Not sure I understand why you mean by patch the content? You mean change
the hits returned?

On Wed, Dec 21, 2011 at 7:12 PM, Michel Conrad <
michel.conrad@trendiction.com> wrote:

Hi,
I want to rank results in elasticsearch according to an external source.
Therefore I want during the scoring of the results do some processing
for the matched ids in order to rank them.
What I also want to do is to patch the result of my calculations into
the document.

My idea was to use a native SearchScript. From my understanding the
script is called once for every result.
So my question is twofold:

  1. Is it possible to access the whole resultset at once before the
    SearchScript is called in order to bundle the
    custom processing of the results? Another idea is that the results
    will iterate twice over the SearchScript, in a
    way that I could process the results during the first iteration and
    deliver my result in the second one.

  2. When extending AbstractFloatSearchScript, what is the correct way
    to patch new content into the doc to
    be returned? (or do I have to use another way).

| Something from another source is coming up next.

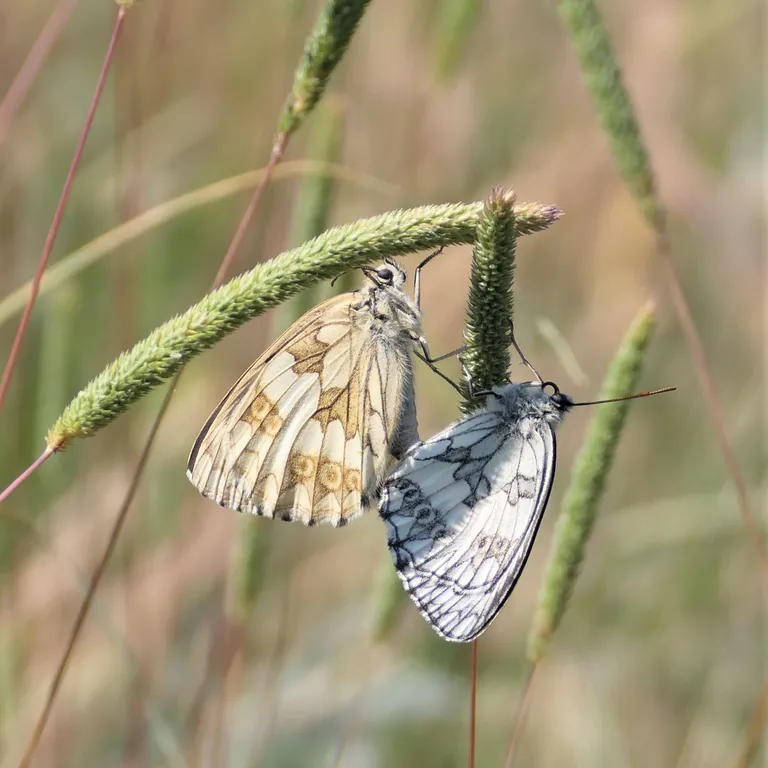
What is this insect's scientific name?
Melanargia galathea
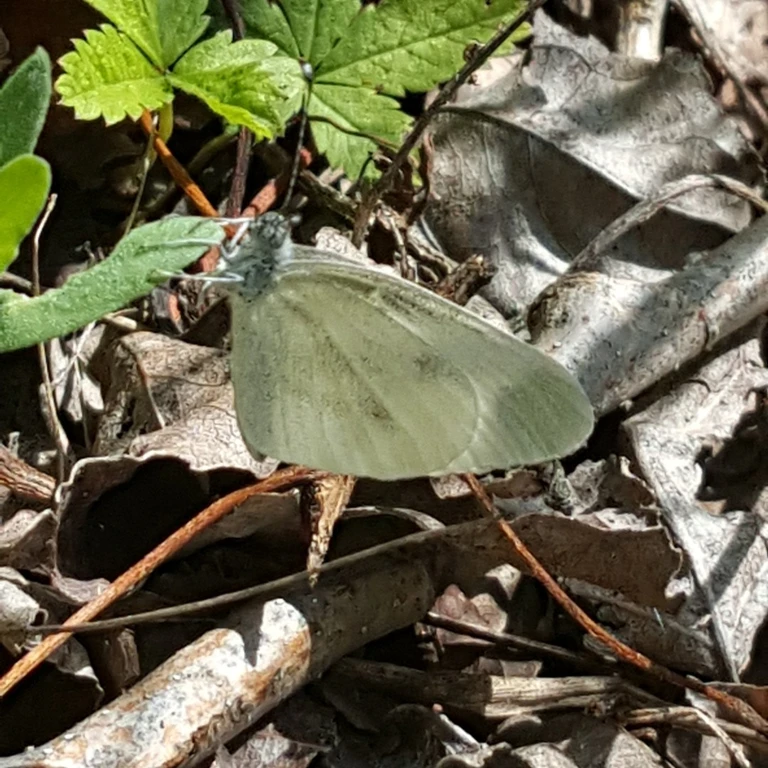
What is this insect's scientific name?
Leptidea sinapis/juvernica

The processing itself should be quick, but I need to perform it in a
bulk operation (per shard should not be a problem),
so I would need a way to access the resultset in advance. Currently I
don't know exactly were to start looking for,
so could someone please point me in the right direction?

Thanks,
Michel


(Michel Conrad) #3

Hi Shay,
When there is no way of getting the resultset at once, is it possible
to score the documents in bulk,
lets say 1000 at a time, or is it strictly one document at a time?
Another idea is if it would be possible to collect the results twice,
so that on the second iteration I would
have the result of my calculation and could do a customized ranking
dependend on the entire resultset.

By patching the content I meant a scripted field. I couldn't find out
how to add a field
in Java during the scoring of the results. Currently I am using an
AbstractFloatSearchScript.

Best regards,
Michel

On Thu, Dec 22, 2011 at 1:49 AM, Shay Banon kimchy@gmail.com wrote:

The scripts only work one document at a time, there is no way to look at the
whole result set (as it has not been gathered yet, and basides, only the top
N are kept around while search is being executed).

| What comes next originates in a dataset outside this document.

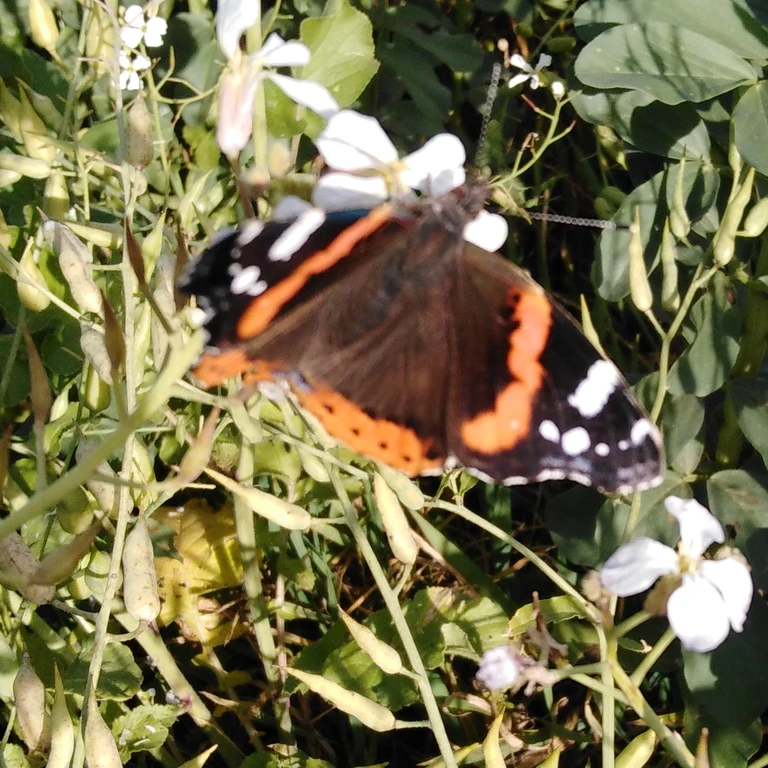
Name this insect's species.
Vanessa atalanta
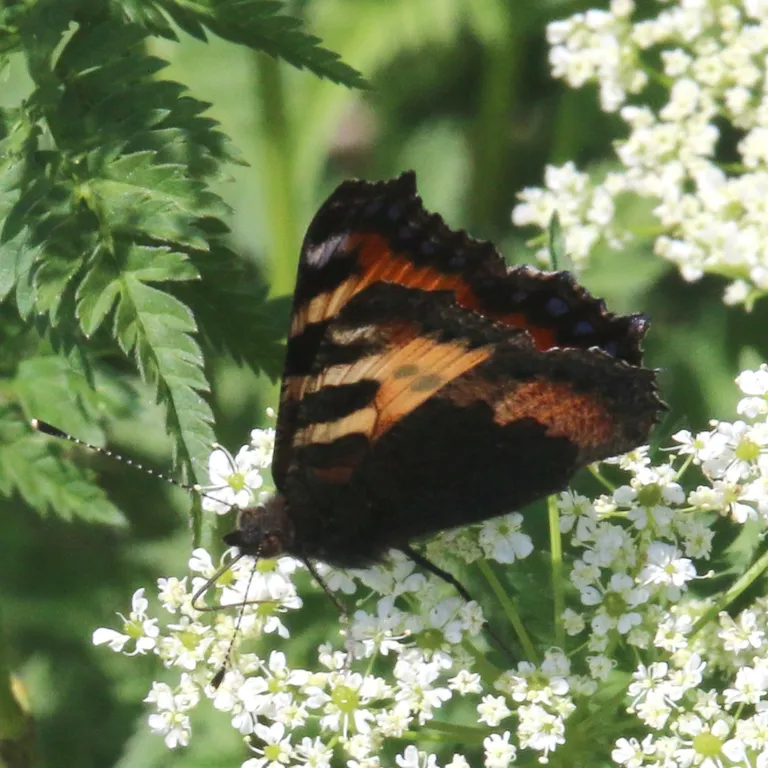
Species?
Aglais urticae

Not sure I understand why you mean by patch the content? You mean change the
hits returned?

On Wed, Dec 21, 2011 at 7:12 PM, Michel Conrad
michel.conrad@trendiction.com wrote:

Hi,
I want to rank results in elasticsearch according to an external source.
Therefore I want during the scoring of the results do some processing
for the matched ids in order to rank them.
What I also want to do is to patch the result of my calculations into
the document.

My idea was to use a native SearchScript. From my understanding the
script is called once for every result.
So my question is twofold:

  1. Is it possible to access the whole resultset at once before the
    SearchScript is called in order to bundle the
    custom processing of the results? Another idea is that the results
    will iterate twice over the SearchScript, in a
    way that I could process the results during the first iteration and
    deliver my result in the second one.

  2. When extending AbstractFloatSearchScript, what is the correct way
    to patch new content into the doc to
    be returned? (or do I have to use another way).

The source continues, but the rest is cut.